Je parle sans doute dans le vide, tant cette période solsticiale a été transformée en action commerciale et gastronomique d'hyper ampleur. Qui se soucie encore de la naissance de notre Divin Rédempteur ? Mais peu importe, ce ne sont pas les légions qui préparent la victoire, mais les éclaireurs téméraires et courageux.
Je pensais à tout cela, pensif, pendant la liturgie de Noël. Les catholiques ont un pasteur qui se fait bien voir un peu partout. Récemment il a été à l'origine du rapprochement entre les marxistes cubains et les capitalistes calvinistes étasuniens. Bravo ! Les juifs l'aiment bien, les musulmans n'ont pas encore promis de l'égorger, les homosexuels n'ont rien à lui reprocher, les filles de joie non plus. Il n'y a que ses cardinaux qui font grise mine, les monsignori délicatement manucurés aussi, les gardes suisses ne sont pas contents paraît-il. Et les catholiques dans tout cela ?
Il fut un temps où il y avait un Pape qui savait ce qu'il voulait. Il s'appelait Pie XII et, dès le départ de sa carrière de diplomate, avait compris que le danger mortel du christianisme était le communisme athée. Et quand une menace pareille pèse sur les fidèles, le moment n'est pas venu de faire des concessions, d'entamer des dialogues ou créer des comités de rencontres. Non, il faut se regrouper sous la houlette du berger et faire front. Ce qu'il fit. Entre deux poisons, le national-socialisme allemand et l'internationalisme marxiste il a donné la priorité à la lutte contre l'athéisme assassin des bolcheviques. En Allemagne, il a sauvé de justesse les résidus du parti catholique, permettant, après la défaite, que ses adeptes remettent le pays sur les rails. En Italie, passé l'épisode fasciste, il a oeuvré sans répit pour empêcher que les forces marxistes, alliées aux socialistes, prennent le pouvoir. Et il a réussi. C'était un grand Pape, à l'autorité incontestée, au charisme exceptionnel. Comme tout grand homme, il s'est fait des ennemis. Ils lui reprochèrent de s'être tu sur le sort des juifs durant la guerre, ce que firent aussi et avec plus de mutisme encore, Churchill, Roosevelt et Staline.
Le Pape Bergoglio est face a une situation grave pour les catholiques. L'Europe occidentale n'est pas seulement déchristianisée, elle s'affirme de plus en plus comme adversaire de la foi en Christ. Elle véhicule ces poisons que sont le relativisme, l'hédonisme, l'individualisme et fait de l'agnosticisme la griffe de référence.
Et que fait le Pape ?. Il s'en prend d'abord à la Curie, à ses propres ministres, auxquels il reproche en public, s'il vous plaît, des travers de vieilles femmes.

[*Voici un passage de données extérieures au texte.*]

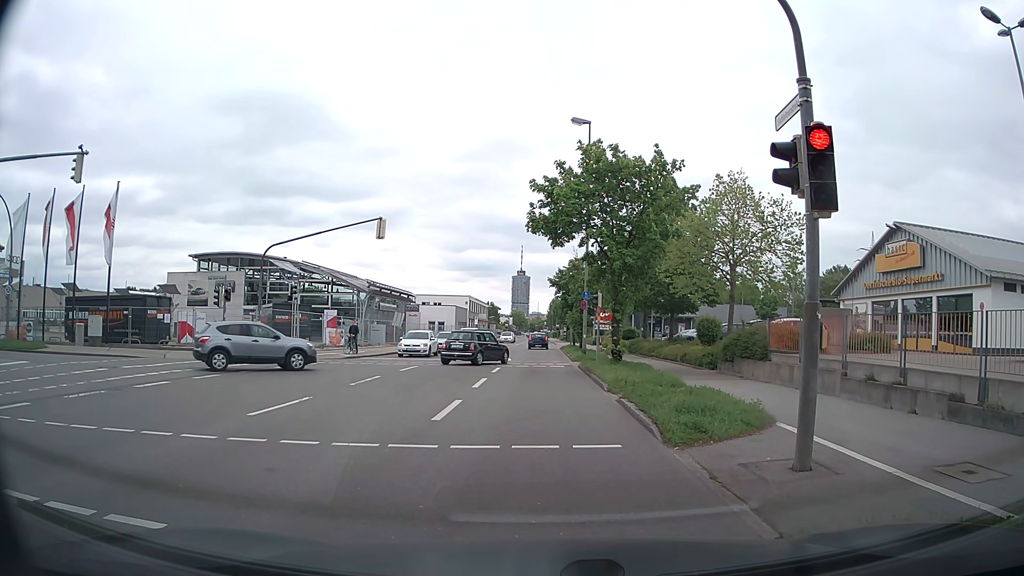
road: secondary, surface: asphalt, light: Day
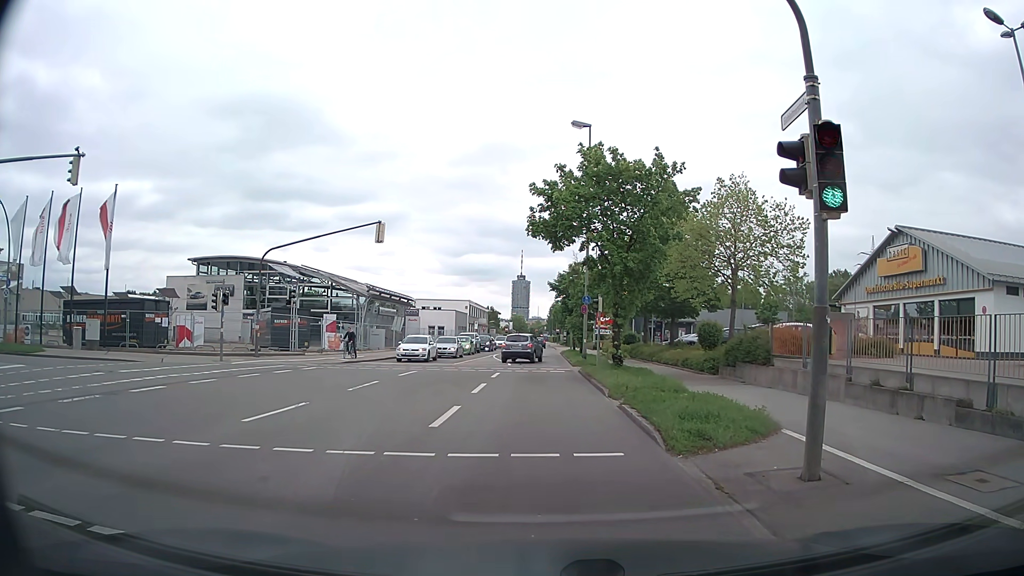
(0.0, +0.2) m; 0°
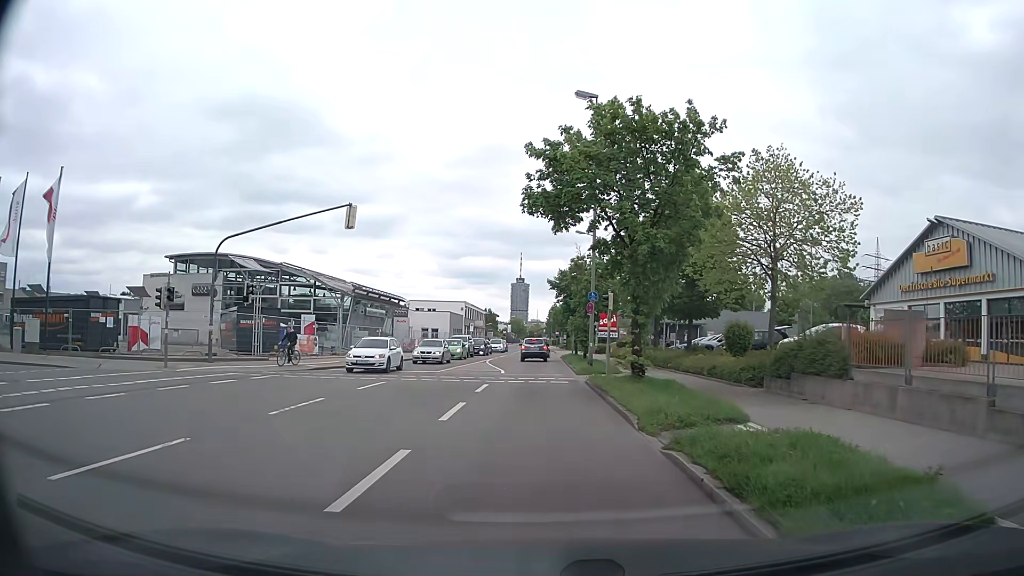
(-0.2, +5.2) m; -1°
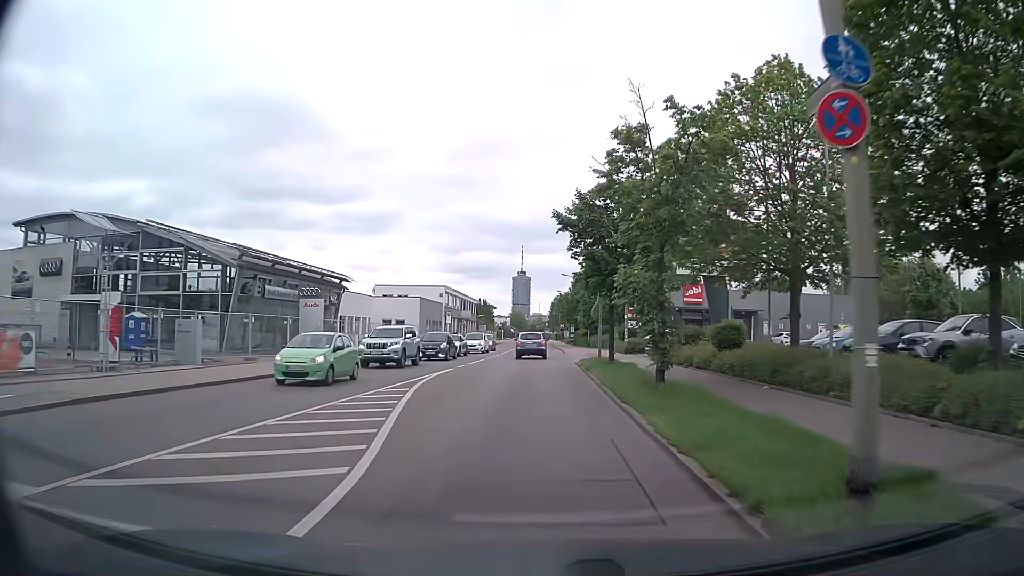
(-0.1, +25.0) m; 0°
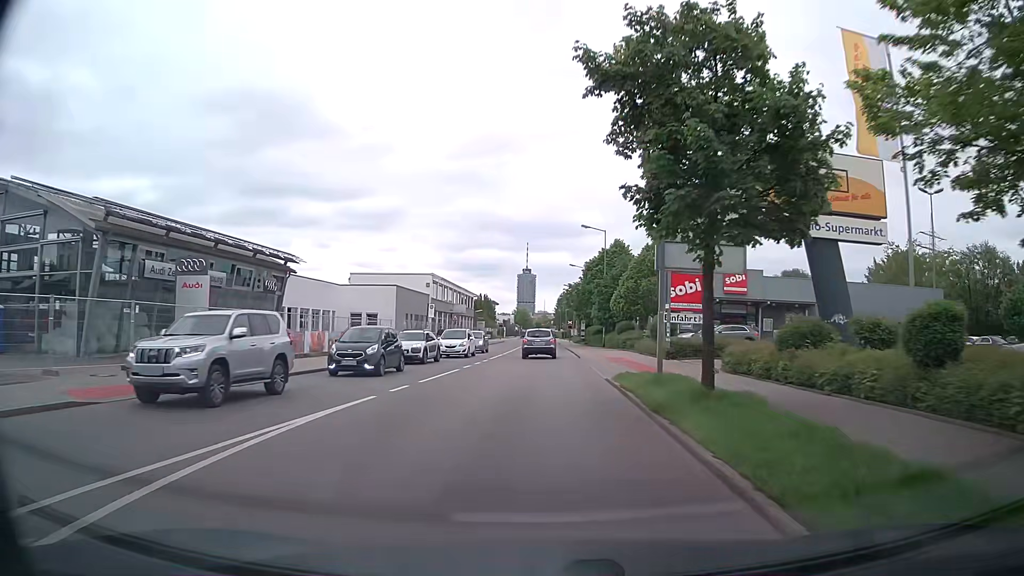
(-0.1, +14.0) m; -1°
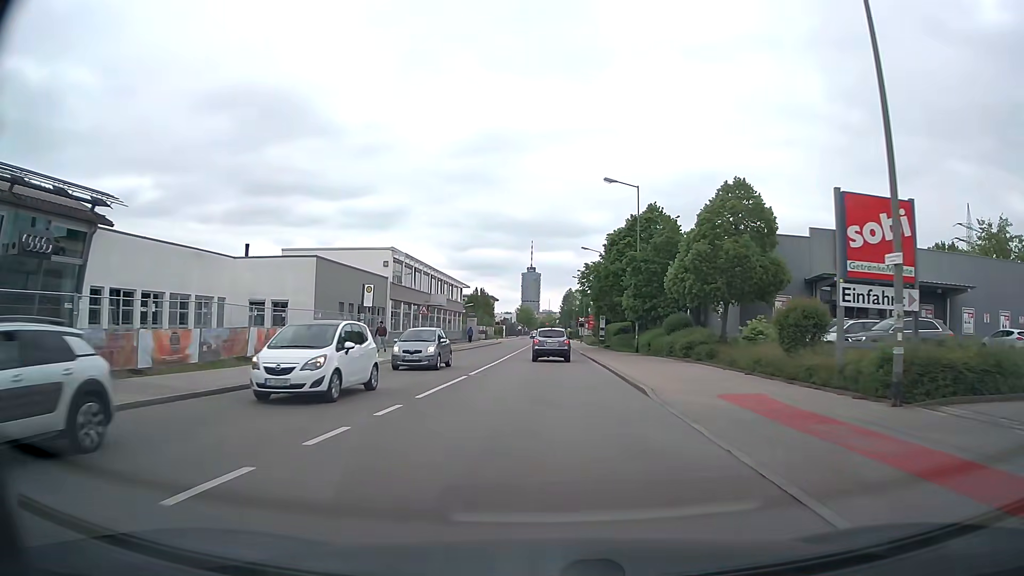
(-0.1, +21.7) m; 0°
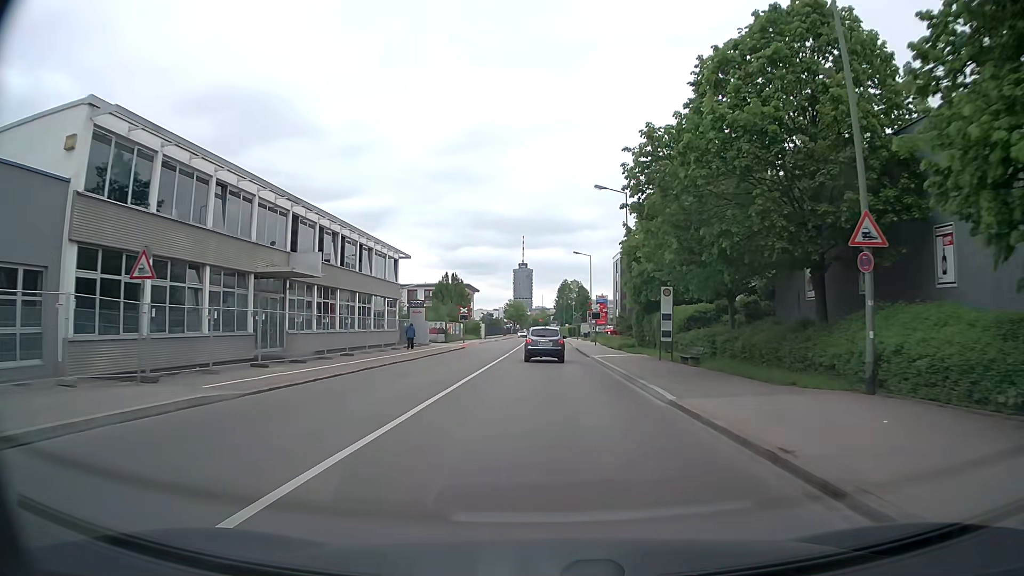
(+0.2, +36.6) m; +1°
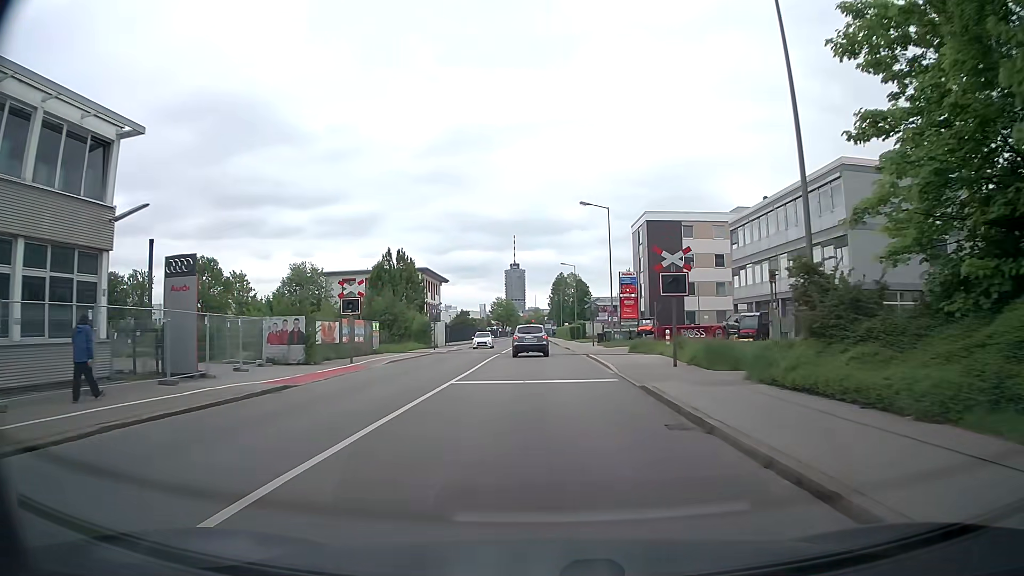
(+0.1, +38.3) m; +1°
(0, +10) (0, +20) (0, +30) (0, +40) (-1, +50) (-1, +60) (-1, +70) (-1, +80) (-2, +90) (-2, +100) m

C'est très médiatique que tout cela, mais ne mange pas de pain. Ce qu'il faut faire dans l'urgence qui est la nôtre, c'est mobiliser tout le monde autour d'une idée simple : la christianisation de l' Europe occidentale ! Et pour cela, il faut partir en campagne. D'abord contre l'athéisme militant qui s'exprime à travers les laïcisme de toutes couleurs et de tous bords, animés par la secte maçonnique. L'Etat européen ne peut être laïque. La religion de référence en Europe, c'est le christianisme et il est romain en Europe occidentale.
Ensuite, contre les hérétiques. Le protestantisme est la source de l'individualisme réducteur qui substitue la parole de l'homme à celle de Dieu, sa raison humaine à celle de son Créateur. C'est une déviance grave par rapport à la tradition séculaire de la religion de notre continent.
Et puis remettre à leur juste place, ces prétentions judaïques qui font du pseudo « devoir de mémoire » une religion (shoatique) de remplacement. Les juifs souffrirent durant la dernière guerre, c'est un fait, ils ne furent pas les seuls, ni les plus touchés ; vingt-deux millions de Soviétiques ont droit à autant de considération, voire plus, que les malheureux des ghettos de Varsovie et d'ailleurs.
Le Pape, doit être le chef des catholiques, celui qui les garde dans le sentier droit, il n'a pas à faire de concessions aux hérétiques protestants, ni aux juifs qui, sous Pie XII, étaient encore déicides. Il n'a pas à prendre des gants face à l'arrogance des athées, il a une crosse, il doit s'en servir !
Le Prince de ce monde est rusé, il épouse des formes diverses dont certaines sont celles de la tolérance, du « vivre ensemble », de la liberté de ci et de ça dans le respect de la particularité de l'autre et alignez-moi ces sophismes à la queue-leu-leu... Bobards que tout cela ! La vie passe très vite, faire son salut n'est pas pour les timorés, les indécis ou les pleutres.
Le Pape Bergoglio est-il à la hauteur de l'enjeu formidable qui nous attend ? Saura-t-il contrer la menace qui se profile à horizon d'une Europe qui, démographie oblige, se déchristianise d'une part, pour s'islamiser de l'autre ?
Le moment n'est pas venu de faire des concessions à nos ennemis. Seul le vainqueur peut se montrer magnanime. Nous sommes aujourd'hui en positon de défense, nous devons combattre, donner des coups, ne pas négocier, mais dénoncer, ne pas tendre la joue, mais frapper. La charité aura son heure quand nous serons vainqueurs, pas avant. Nous devons faire ainsi car nos ennemis ne nous font pas de cadeaux. Ils nous insultent, exigent contre nous le droit au blasphème, veulent notre disparition de la sphère publique, ils veulent nous faire taire, nous réduire au silence sépulcral. L'enjeu est très simple : eux ou nous.
Le Seigneur, dont les voies sont impénétrables, connaît l'avenir, en attendant des lendemains radieux, que ce Noël 2014, soit celui du dernier combat avant la victoire. Ainsi-soit-il !

FvD

28/10/2014

Zemmour et le suicide français

 

Le suicide français - Ces quarante années qui ont défait la France

Eric Zemmour vendrait dix mille exemplaires par semaine de son dernier opus : Le suicide français. (Albin Michel)
Alain Soral a écrit la même thèse voici longtemps, il n'est pas le seul, mais nous n'allons pas bouder notre plaisir et nous nous réjouissons donc de ce succès qui prouve, s'il le fallait encore, combien le bon peuple de France est sensible à cette thématique.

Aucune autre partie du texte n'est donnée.